• _What to produce_
Find and copy every line in the records that includes the string "outdoors".

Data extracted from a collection

--

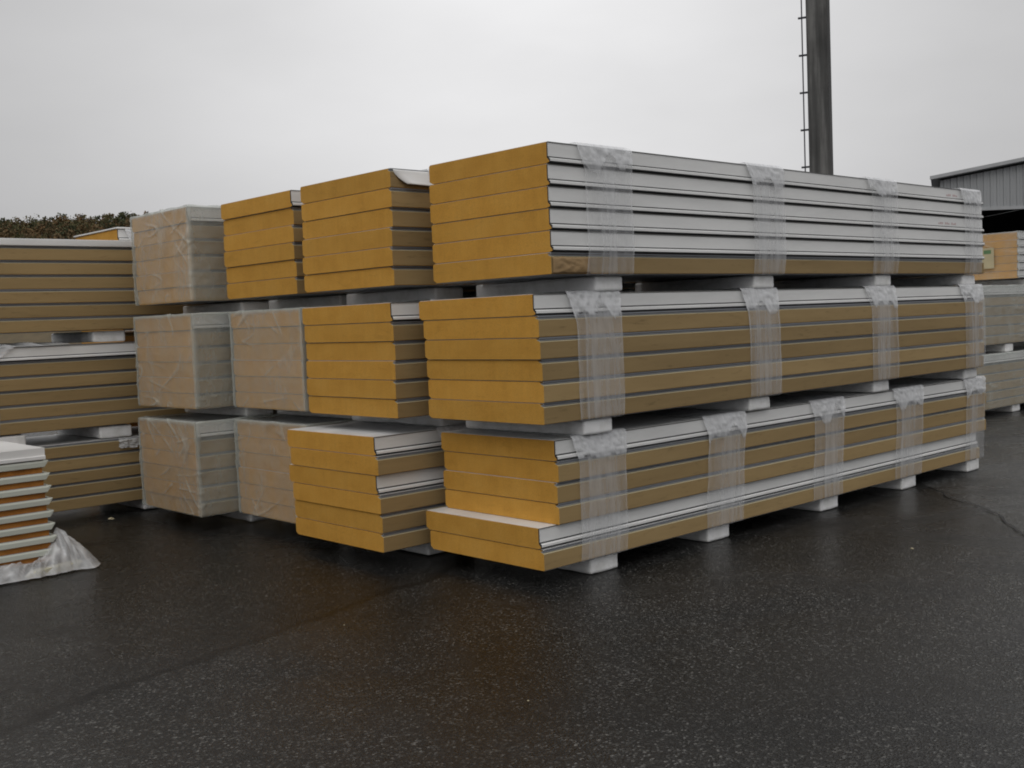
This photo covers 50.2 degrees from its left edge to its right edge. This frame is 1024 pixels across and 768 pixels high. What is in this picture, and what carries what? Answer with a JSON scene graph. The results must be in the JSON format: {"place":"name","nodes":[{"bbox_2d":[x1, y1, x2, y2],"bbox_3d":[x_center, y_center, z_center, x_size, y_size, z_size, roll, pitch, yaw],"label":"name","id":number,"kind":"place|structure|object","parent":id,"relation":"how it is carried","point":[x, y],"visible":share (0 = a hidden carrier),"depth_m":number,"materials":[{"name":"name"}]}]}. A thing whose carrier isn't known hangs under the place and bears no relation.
{"place":"outdoors","nodes":[
{"label":"outdoors","id":0,"kind":"place"},
{"bbox_2d":[0,231,88,343],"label":"hill","id":1,"kind":"structure","parent":0,"point":[44,337],"depth_m":213.60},
{"bbox_2d":[0,211,148,239],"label":"autumn wood","id":2,"kind":"object","parent":1,"relation":"on","point":[64,228],"visible":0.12,"depth_m":275.15,"materials":[{"name":"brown plant"}]},
{"bbox_2d":[42,449,142,472],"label":"sandwich panel","id":3,"kind":"object","parent":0,"point":[88,461],"depth_m":9.07,"materials":[{"name":"plastic"}]},
{"bbox_2d":[26,426,142,459],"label":"sandwich panel","id":4,"kind":"object","parent":3,"relation":"on","point":[60,446],"depth_m":9.11,"materials":[{"name":"plastic"}]},
{"bbox_2d":[0,403,1023,767],"bbox_3d":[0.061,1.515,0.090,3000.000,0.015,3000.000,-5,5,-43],"label":"ground","id":5,"kind":"structure","parent":0,"point":[870,627],"depth_m":5.07,"materials":[{"name":"black asphalt"}]},
{"bbox_2d":[219,511,269,521],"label":"foam block","id":6,"kind":"object","parent":5,"relation":"on","point":[244,516],"depth_m":8.69,"materials":[{"name":"white plastic"}]},
{"bbox_2d":[146,491,241,516],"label":"sandwich panel","id":7,"kind":"object","parent":6,"relation":"on","point":[210,507],"visible":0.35,"depth_m":8.49,"materials":[{"name":"plastic"}]},
{"bbox_2d":[144,476,240,501],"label":"sandwich panel","id":8,"kind":"object","parent":7,"relation":"on","point":[209,492],"visible":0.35,"depth_m":8.47,"materials":[{"name":"plastic"}]},
{"bbox_2d":[143,462,240,485],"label":"sandwich panel","id":9,"kind":"object","parent":8,"relation":"on","point":[207,476],"visible":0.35,"depth_m":8.47,"materials":[{"name":"plastic"}]},
{"bbox_2d":[142,447,239,469],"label":"sandwich panel","id":10,"kind":"object","parent":9,"relation":"on","point":[206,461],"visible":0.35,"depth_m":8.45,"materials":[{"name":"plastic"}]},
{"bbox_2d":[140,433,239,453],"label":"sandwich panel","id":11,"kind":"object","parent":10,"relation":"on","point":[206,445],"visible":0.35,"depth_m":8.46,"materials":[{"name":"plastic"}]},
{"bbox_2d":[139,410,277,438],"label":"sandwich panel","id":12,"kind":"object","parent":11,"relation":"on","point":[207,430],"visible":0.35,"depth_m":8.55,"materials":[{"name":"plastic"}]},
{"bbox_2d":[138,412,277,517],"bbox_3d":[-0.724,0.447,10.479,5.495,0.741,1.042,-5,5,-43],"label":"film wrap","id":13,"kind":"object","parent":7,"relation":"on","point":[184,447],"visible":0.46,"depth_m":8.37,"materials":[{"name":"grey"}]},
{"bbox_2d":[185,406,272,415],"bbox_3d":[-2.348,0.199,9.013,0.250,0.084,1.020,-6,5,-44],"label":"foam block","id":14,"kind":"object","parent":13,"relation":"on","point":[236,410],"depth_m":8.71,"materials":[{"name":"white plastic"}]},
{"bbox_2d":[139,391,237,408],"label":"sandwich panel","id":15,"kind":"object","parent":14,"relation":"on","point":[206,400],"visible":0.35,"depth_m":8.44,"materials":[{"name":"plastic"}]},
{"bbox_2d":[133,312,228,409],"bbox_3d":[-0.750,-0.371,10.448,5.493,0.734,1.057,-5,5,-43],"label":"film wrap","id":16,"kind":"object","parent":15,"relation":"on","point":[194,354],"visible":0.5,"depth_m":8.25,"materials":[{"name":"grey"}]},
{"bbox_2d":[183,301,268,312],"bbox_3d":[-2.400,-0.629,9.122,0.250,0.084,1.020,-5,5,-43],"label":"foam block","id":17,"kind":"object","parent":16,"relation":"on","point":[239,306],"depth_m":8.84,"materials":[{"name":"white plastic"}]},
{"bbox_2d":[138,285,284,305],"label":"sandwich panel","id":18,"kind":"object","parent":17,"relation":"on","point":[209,294],"visible":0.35,"depth_m":8.58,"materials":[{"name":"plastic"}]},
{"bbox_2d":[136,270,229,290],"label":"sandwich panel","id":19,"kind":"object","parent":18,"relation":"on","point":[177,279],"visible":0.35,"depth_m":8.53,"materials":[{"name":"plastic"}]},
{"bbox_2d":[136,254,227,275],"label":"sandwich panel","id":20,"kind":"object","parent":19,"relation":"on","point":[180,263],"visible":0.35,"depth_m":8.52,"materials":[{"name":"plastic"}]},
{"bbox_2d":[135,238,225,261],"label":"sandwich panel","id":21,"kind":"object","parent":20,"relation":"on","point":[169,249],"visible":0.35,"depth_m":8.51,"materials":[{"name":"plastic"}]},
{"bbox_2d":[134,223,225,246],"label":"sandwich panel","id":22,"kind":"object","parent":21,"relation":"on","point":[178,232],"visible":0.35,"depth_m":8.51,"materials":[{"name":"plastic"}]},
{"bbox_2d":[132,207,224,232],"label":"sandwich panel","id":23,"kind":"object","parent":22,"relation":"on","point":[174,217],"visible":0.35,"depth_m":8.49,"materials":[{"name":"plastic"}]},
{"bbox_2d":[139,375,236,393],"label":"sandwich panel","id":24,"kind":"object","parent":15,"relation":"on","point":[205,384],"visible":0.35,"depth_m":8.43,"materials":[{"name":"plastic"}]},
{"bbox_2d":[138,360,234,377],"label":"sandwich panel","id":25,"kind":"object","parent":24,"relation":"on","point":[185,369],"visible":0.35,"depth_m":8.43,"materials":[{"name":"plastic"}]},
{"bbox_2d":[137,344,235,361],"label":"sandwich panel","id":26,"kind":"object","parent":25,"relation":"on","point":[184,353],"visible":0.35,"depth_m":8.42,"materials":[{"name":"plastic"}]},
{"bbox_2d":[137,329,234,346],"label":"sandwich panel","id":27,"kind":"object","parent":26,"relation":"on","point":[183,338],"visible":0.35,"depth_m":8.41,"materials":[{"name":"plastic"}]},
{"bbox_2d":[400,543,445,554],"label":"foam block","id":28,"kind":"object","parent":5,"relation":"on","point":[426,549],"depth_m":7.14,"materials":[{"name":"white plastic"}]},
{"bbox_2d":[296,517,430,552],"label":"sandwich panel","id":29,"kind":"object","parent":28,"relation":"on","point":[389,541],"visible":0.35,"depth_m":6.94,"materials":[{"name":"plastic"}]},
{"bbox_2d":[295,500,446,533],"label":"sandwich panel","id":30,"kind":"object","parent":29,"relation":"on","point":[393,521],"visible":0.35,"depth_m":6.94,"materials":[{"name":"plastic"}]},
{"bbox_2d":[293,482,446,514],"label":"sandwich panel","id":31,"kind":"object","parent":30,"relation":"on","point":[398,501],"visible":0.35,"depth_m":6.95,"materials":[{"name":"plastic"}]},
{"bbox_2d":[289,464,446,494],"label":"sandwich panel","id":32,"kind":"object","parent":31,"relation":"on","point":[364,483],"visible":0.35,"depth_m":6.97,"materials":[{"name":"plastic"}]},
{"bbox_2d":[290,447,444,475],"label":"sandwich panel","id":33,"kind":"object","parent":32,"relation":"on","point":[388,464],"visible":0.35,"depth_m":6.94,"materials":[{"name":"plastic"}]},
{"bbox_2d":[287,421,453,455],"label":"sandwich panel","id":34,"kind":"object","parent":33,"relation":"on","point":[369,439],"visible":0.35,"depth_m":7.03,"materials":[{"name":"plastic"}]},
{"bbox_2d":[559,553,617,573],"bbox_3d":[0.194,1.054,6.847,0.250,0.100,1.040,-5,5,-43],"label":"foam block","id":35,"kind":"object","parent":5,"relation":"on","point":[600,564],"depth_m":6.46,"materials":[{"name":"white plastic"}]},
{"bbox_2d":[430,445,979,570],"bbox_3d":[1.839,0.787,8.295,5.470,0.120,1.010,-5,5,-43],"label":"sandwich panel","id":36,"kind":"object","parent":35,"relation":"on","point":[567,553],"visible":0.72,"depth_m":6.90,"materials":[{"name":"plastic"}]},
{"bbox_2d":[458,427,626,457],"bbox_3d":[0.171,0.641,6.759,0.467,0.739,1.070,-5,5,-43],"label":"film band","id":37,"kind":"object","parent":36,"relation":"on","point":[604,444],"visible":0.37,"depth_m":6.37,"materials":[{"name":"white"}]},
{"bbox_2d":[466,417,611,434],"bbox_3d":[0.146,0.237,6.689,0.250,0.088,1.040,-5,5,-43],"label":"foam block","id":38,"kind":"object","parent":37,"relation":"on","point":[593,426],"depth_m":6.38,"materials":[{"name":"white plastic"}]},
{"bbox_2d":[429,353,983,424],"bbox_3d":[1.835,-0.031,8.195,5.470,0.120,1.010,-5,5,-43],"label":"sandwich panel","id":39,"kind":"object","parent":38,"relation":"on","point":[548,413],"visible":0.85,"depth_m":6.74,"materials":[{"name":"plastic"}]},
{"bbox_2d":[461,291,620,316],"bbox_3d":[0.141,-0.175,6.645,0.449,0.739,1.066,-5,5,-43],"label":"film band","id":40,"kind":"object","parent":39,"relation":"on","point":[588,301],"visible":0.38,"depth_m":6.25,"materials":[{"name":"white"}]},
{"bbox_2d":[476,276,621,296],"bbox_3d":[0.213,-0.591,6.713,0.250,0.088,1.040,-5,5,-43],"label":"foam block","id":41,"kind":"object","parent":40,"relation":"on","point":[602,283],"depth_m":6.50,"materials":[{"name":"white plastic"}]},
{"bbox_2d":[433,252,983,283],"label":"sandwich panel","id":42,"kind":"object","parent":41,"relation":"on","point":[642,267],"visible":0.89,"depth_m":6.91,"materials":[{"name":"plastic"}]},
{"bbox_2d":[432,230,984,263],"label":"sandwich panel","id":43,"kind":"object","parent":42,"relation":"on","point":[559,241],"visible":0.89,"depth_m":6.69,"materials":[{"name":"plastic"}]},
{"bbox_2d":[432,208,984,246],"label":"sandwich panel","id":44,"kind":"object","parent":43,"relation":"on","point":[547,219],"visible":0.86,"depth_m":6.69,"materials":[{"name":"plastic"}]},
{"bbox_2d":[430,186,983,232],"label":"sandwich panel","id":45,"kind":"object","parent":44,"relation":"on","point":[539,198],"visible":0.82,"depth_m":6.67,"materials":[{"name":"plastic"}]},
{"bbox_2d":[429,164,982,218],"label":"sandwich panel","id":46,"kind":"object","parent":45,"relation":"on","point":[543,175],"visible":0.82,"depth_m":6.67,"materials":[{"name":"plastic"}]},
{"bbox_2d":[429,141,982,205],"bbox_3d":[1.832,-1.455,8.153,5.470,0.120,1.026,-5,5,-43],"label":"sandwich panel","id":47,"kind":"object","parent":46,"relation":"on","point":[547,152],"visible":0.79,"depth_m":6.63,"materials":[{"name":"plastic"}]},
{"bbox_2d":[428,340,983,402],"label":"sandwich panel","id":48,"kind":"object","parent":39,"relation":"on","point":[550,391],"visible":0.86,"depth_m":6.74,"materials":[{"name":"plastic"}]},
{"bbox_2d":[427,326,982,381],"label":"sandwich panel","id":49,"kind":"object","parent":48,"relation":"on","point":[555,369],"visible":0.88,"depth_m":6.74,"materials":[{"name":"plastic"}]},
{"bbox_2d":[425,313,982,359],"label":"sandwich panel","id":50,"kind":"object","parent":49,"relation":"on","point":[542,348],"visible":0.88,"depth_m":6.71,"materials":[{"name":"plastic"}]},
{"bbox_2d":[423,299,982,339],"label":"sandwich panel","id":51,"kind":"object","parent":50,"relation":"on","point":[539,326],"visible":0.94,"depth_m":6.70,"materials":[{"name":"plastic"}]},
{"bbox_2d":[419,286,976,320],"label":"sandwich panel","id":52,"kind":"object","parent":51,"relation":"on","point":[514,306],"visible":0.86,"depth_m":6.69,"materials":[{"name":"plastic"}]},
{"bbox_2d":[702,287,778,312],"bbox_3d":[1.342,-0.289,7.756,0.430,0.739,1.066,-5,5,-43],"label":"film band","id":53,"kind":"object","parent":39,"relation":"on","point":[768,297],"visible":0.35,"depth_m":7.38,"materials":[{"name":"white"}]},
{"bbox_2d":[635,275,773,291],"bbox_3d":[1.355,-0.700,7.776,0.250,0.088,1.040,-6,5,-44],"label":"foam block","id":54,"kind":"object","parent":53,"relation":"on","point":[762,281],"depth_m":7.58,"materials":[{"name":"white plastic"}]},
{"bbox_2d":[633,408,746,442],"bbox_3d":[1.056,0.557,7.576,0.494,0.739,1.071,-5,5,-43],"label":"film band","id":55,"kind":"object","parent":36,"relation":"on","point":[727,419],"visible":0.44,"depth_m":7.25,"materials":[{"name":"white"}]},
{"bbox_2d":[426,432,977,548],"bbox_3d":[1.818,0.667,8.300,5.470,0.120,1.026,-5,5,-43],"label":"sandwich panel","id":56,"kind":"object","parent":36,"relation":"on","point":[519,532],"visible":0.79,"depth_m":6.77,"materials":[{"name":"plastic"}]},
{"bbox_2d":[445,417,985,524],"bbox_3d":[1.928,0.538,8.369,5.470,0.120,1.010,-5,5,-43],"label":"sandwich panel","id":57,"kind":"object","parent":56,"relation":"on","point":[576,510],"visible":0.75,"depth_m":6.94,"materials":[{"name":"plastic"}]},
{"bbox_2d":[443,404,984,503],"bbox_3d":[1.916,0.419,8.363,5.470,0.120,1.010,-5,5,-43],"label":"sandwich panel","id":58,"kind":"object","parent":57,"relation":"on","point":[552,492],"visible":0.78,"depth_m":6.91,"materials":[{"name":"plastic"}]},
{"bbox_2d":[444,391,985,482],"bbox_3d":[1.922,0.299,8.355,5.470,0.120,1.010,-5,5,-43],"label":"sandwich panel","id":59,"kind":"object","parent":58,"relation":"on","point":[560,471],"visible":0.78,"depth_m":6.91,"materials":[{"name":"plastic"}]},
{"bbox_2d":[441,377,983,460],"bbox_3d":[1.908,0.179,8.351,5.470,0.120,1.026,-5,5,-43],"label":"sandwich panel","id":60,"kind":"object","parent":59,"relation":"on","point":[641,430],"visible":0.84,"depth_m":6.93,"materials":[{"name":"plastic"}]},
{"bbox_2d":[798,0,833,174],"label":"metal pole","id":61,"kind":"object","parent":5,"relation":"on","point":[818,55],"visible":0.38,"depth_m":48.95,"materials":[{"name":"grey metal"}]},
{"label":"foam block","id":62,"kind":"object","parent":5,"relation":"on","visible":0},
{"bbox_2d":[241,498,295,523],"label":"sandwich panel","id":63,"kind":"object","parent":62,"relation":"on","point":[278,512],"visible":0.14,"depth_m":8.13,"materials":[{"name":"plastic"}]},
{"bbox_2d":[234,414,356,516],"bbox_3d":[0.216,0.441,9.903,5.495,0.744,1.052,-5,5,-43],"label":"film wrap","id":64,"kind":"object","parent":63,"relation":"on","point":[276,423],"visible":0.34,"depth_m":8.27,"materials":[{"name":"grey"}]},
{"bbox_2d":[277,410,351,418],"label":"foam block","id":65,"kind":"object","parent":64,"relation":"on","point":[302,413],"depth_m":8.37,"materials":[{"name":"white plastic"}]},
{"bbox_2d":[235,391,310,411],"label":"sandwich panel","id":66,"kind":"object","parent":65,"relation":"on","point":[281,401],"visible":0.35,"depth_m":7.95,"materials":[{"name":"plastic"}]},
{"bbox_2d":[228,306,327,411],"bbox_3d":[0.200,-0.373,9.811,5.490,0.736,1.031,-5,5,-43],"label":"film wrap","id":67,"kind":"object","parent":66,"relation":"on","point":[245,312],"visible":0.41,"depth_m":7.65,"materials":[{"name":"grey"}]},
{"bbox_2d":[269,295,346,308],"bbox_3d":[-1.506,-0.623,8.407,0.250,0.084,1.020,-5,5,-43],"label":"foam block","id":68,"kind":"object","parent":67,"relation":"on","point":[338,300],"depth_m":8.24,"materials":[{"name":"white plastic"}]},
{"bbox_2d":[227,277,634,299],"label":"sandwich panel","id":69,"kind":"object","parent":68,"relation":"on","point":[289,287],"visible":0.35,"depth_m":7.94,"materials":[{"name":"plastic"}]},
{"bbox_2d":[226,259,305,283],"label":"sandwich panel","id":70,"kind":"object","parent":69,"relation":"on","point":[274,270],"visible":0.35,"depth_m":7.88,"materials":[{"name":"plastic"}]},
{"bbox_2d":[224,242,304,267],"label":"sandwich panel","id":71,"kind":"object","parent":70,"relation":"on","point":[271,253],"visible":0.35,"depth_m":7.86,"materials":[{"name":"plastic"}]},
{"bbox_2d":[224,225,306,251],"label":"sandwich panel","id":72,"kind":"object","parent":71,"relation":"on","point":[272,236],"visible":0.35,"depth_m":7.85,"materials":[{"name":"plastic"}]},
{"bbox_2d":[224,207,304,235],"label":"sandwich panel","id":73,"kind":"object","parent":72,"relation":"on","point":[272,219],"visible":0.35,"depth_m":7.86,"materials":[{"name":"plastic"}]},
{"bbox_2d":[221,190,302,219],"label":"sandwich panel","id":74,"kind":"object","parent":73,"relation":"on","point":[266,203],"visible":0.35,"depth_m":7.84,"materials":[{"name":"plastic"}]},
{"bbox_2d":[0,0,1023,222],"label":"sky","id":75,"kind":"structure","parent":0,"point":[115,107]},
{"bbox_2d":[930,157,1023,234],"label":"industrial shed","id":76,"kind":"structure","parent":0,"point":[999,186],"depth_m":49.60,"materials":[{"name":"metal"}]},
{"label":"foam block","id":77,"kind":"object","parent":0,"visible":0},
{"bbox_2d":[309,396,432,418],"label":"sandwich panel","id":78,"kind":"object","parent":77,"relation":"on","point":[394,408],"visible":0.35,"depth_m":6.96,"materials":[{"name":"plastic"}]},
{"bbox_2d":[307,377,429,398],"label":"sandwich panel","id":79,"kind":"object","parent":78,"relation":"on","point":[388,389],"visible":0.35,"depth_m":6.95,"materials":[{"name":"plastic"}]},
{"bbox_2d":[306,359,429,379],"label":"sandwich panel","id":80,"kind":"object","parent":79,"relation":"on","point":[394,370],"visible":0.35,"depth_m":6.94,"materials":[{"name":"plastic"}]},
{"bbox_2d":[306,340,426,360],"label":"sandwich panel","id":81,"kind":"object","parent":80,"relation":"on","point":[380,351],"visible":0.35,"depth_m":6.95,"materials":[{"name":"plastic"}]},
{"bbox_2d":[304,320,437,342],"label":"sandwich panel","id":82,"kind":"object","parent":81,"relation":"on","point":[382,331],"visible":0.35,"depth_m":6.93,"materials":[{"name":"plastic"}]},
{"bbox_2d":[302,302,423,325],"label":"sandwich panel","id":83,"kind":"object","parent":82,"relation":"on","point":[378,312],"visible":0.35,"depth_m":6.94,"materials":[{"name":"plastic"}]},
{"bbox_2d":[406,299,445,301],"bbox_3d":[-0.692,-0.190,7.450,0.415,0.739,1.054,-5,5,-43],"label":"film band","id":84,"kind":"object","parent":83,"relation":"on","point":[425,300],"visible":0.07,"depth_m":7.08,"materials":[{"name":"white"}]},
{"bbox_2d":[347,287,462,304],"bbox_3d":[-0.753,-0.602,7.545,0.250,0.084,1.020,-5,5,-43],"label":"foam block","id":85,"kind":"object","parent":84,"relation":"on","point":[427,294],"depth_m":7.32,"materials":[{"name":"white plastic"}]},
{"bbox_2d":[304,266,636,292],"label":"sandwich panel","id":86,"kind":"object","parent":85,"relation":"on","point":[394,278],"visible":0.39,"depth_m":7.00,"materials":[{"name":"plastic"}]},
{"bbox_2d":[303,247,437,274],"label":"sandwich panel","id":87,"kind":"object","parent":86,"relation":"on","point":[377,258],"visible":0.35,"depth_m":6.91,"materials":[{"name":"plastic"}]},
{"bbox_2d":[302,227,434,256],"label":"sandwich panel","id":88,"kind":"object","parent":87,"relation":"on","point":[383,238],"visible":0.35,"depth_m":6.90,"materials":[{"name":"plastic"}]},
{"bbox_2d":[302,207,433,238],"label":"sandwich panel","id":89,"kind":"object","parent":88,"relation":"on","point":[383,218],"visible":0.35,"depth_m":6.90,"materials":[{"name":"plastic"}]},
{"bbox_2d":[301,188,433,221],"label":"sandwich panel","id":90,"kind":"object","parent":89,"relation":"on","point":[377,200],"visible":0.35,"depth_m":6.88,"materials":[{"name":"plastic"}]},
{"bbox_2d":[300,168,429,203],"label":"sandwich panel","id":91,"kind":"object","parent":90,"relation":"on","point":[361,183],"visible":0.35,"depth_m":6.95,"materials":[{"name":"plastic"}]},
{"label":"foam block","id":92,"kind":"object","parent":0,"visible":0},
{"bbox_2d":[0,407,188,435],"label":"sandwich panel","id":93,"kind":"object","parent":92,"relation":"on","point":[31,425],"depth_m":8.99,"materials":[{"name":"plastic"}]},
{"bbox_2d":[0,396,155,420],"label":"sandwich panel","id":94,"kind":"object","parent":93,"relation":"on","point":[28,411],"depth_m":8.94,"materials":[{"name":"plastic"}]},
{"bbox_2d":[0,382,140,406],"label":"sandwich panel","id":95,"kind":"object","parent":94,"relation":"on","point":[25,397],"depth_m":8.93,"materials":[{"name":"plastic"}]},
{"bbox_2d":[0,369,140,391],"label":"sandwich panel","id":96,"kind":"object","parent":95,"relation":"on","point":[32,382],"depth_m":8.92,"materials":[{"name":"plastic"}]},
{"bbox_2d":[0,356,138,376],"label":"sandwich panel","id":97,"kind":"object","parent":96,"relation":"on","point":[28,368],"depth_m":8.92,"materials":[{"name":"plastic"}]},
{"bbox_2d":[0,341,138,362],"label":"sandwich panel","id":98,"kind":"object","parent":97,"relation":"on","point":[59,352],"depth_m":8.94,"materials":[{"name":"plastic"}]},
{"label":"foam block","id":99,"kind":"object","parent":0,"visible":0},
{"bbox_2d":[0,314,166,333],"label":"sandwich panel","id":100,"kind":"object","parent":99,"relation":"on","point":[50,324],"depth_m":8.92,"materials":[{"name":"plastic"}]},
{"bbox_2d":[0,302,204,318],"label":"sandwich panel","id":101,"kind":"object","parent":100,"relation":"on","point":[39,310],"depth_m":9.00,"materials":[{"name":"plastic"}]},
{"bbox_2d":[0,288,138,303],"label":"sandwich panel","id":102,"kind":"object","parent":101,"relation":"on","point":[24,296],"depth_m":8.91,"materials":[{"name":"plastic"}]},
{"bbox_2d":[0,275,139,289],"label":"sandwich panel","id":103,"kind":"object","parent":102,"relation":"on","point":[8,282],"depth_m":8.91,"materials":[{"name":"plastic"}]},
{"bbox_2d":[0,260,136,274],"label":"sandwich panel","id":104,"kind":"object","parent":103,"relation":"on","point":[17,267],"depth_m":8.90,"materials":[{"name":"plastic"}]},
{"bbox_2d":[0,246,135,260],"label":"sandwich panel","id":105,"kind":"object","parent":104,"relation":"on","point":[42,253],"depth_m":8.89,"materials":[{"name":"plastic"}]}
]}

--

• _Solution to the problem_
{"place":"outdoors","nodes":[
{"label":"outdoors","id":0,"kind":"place"},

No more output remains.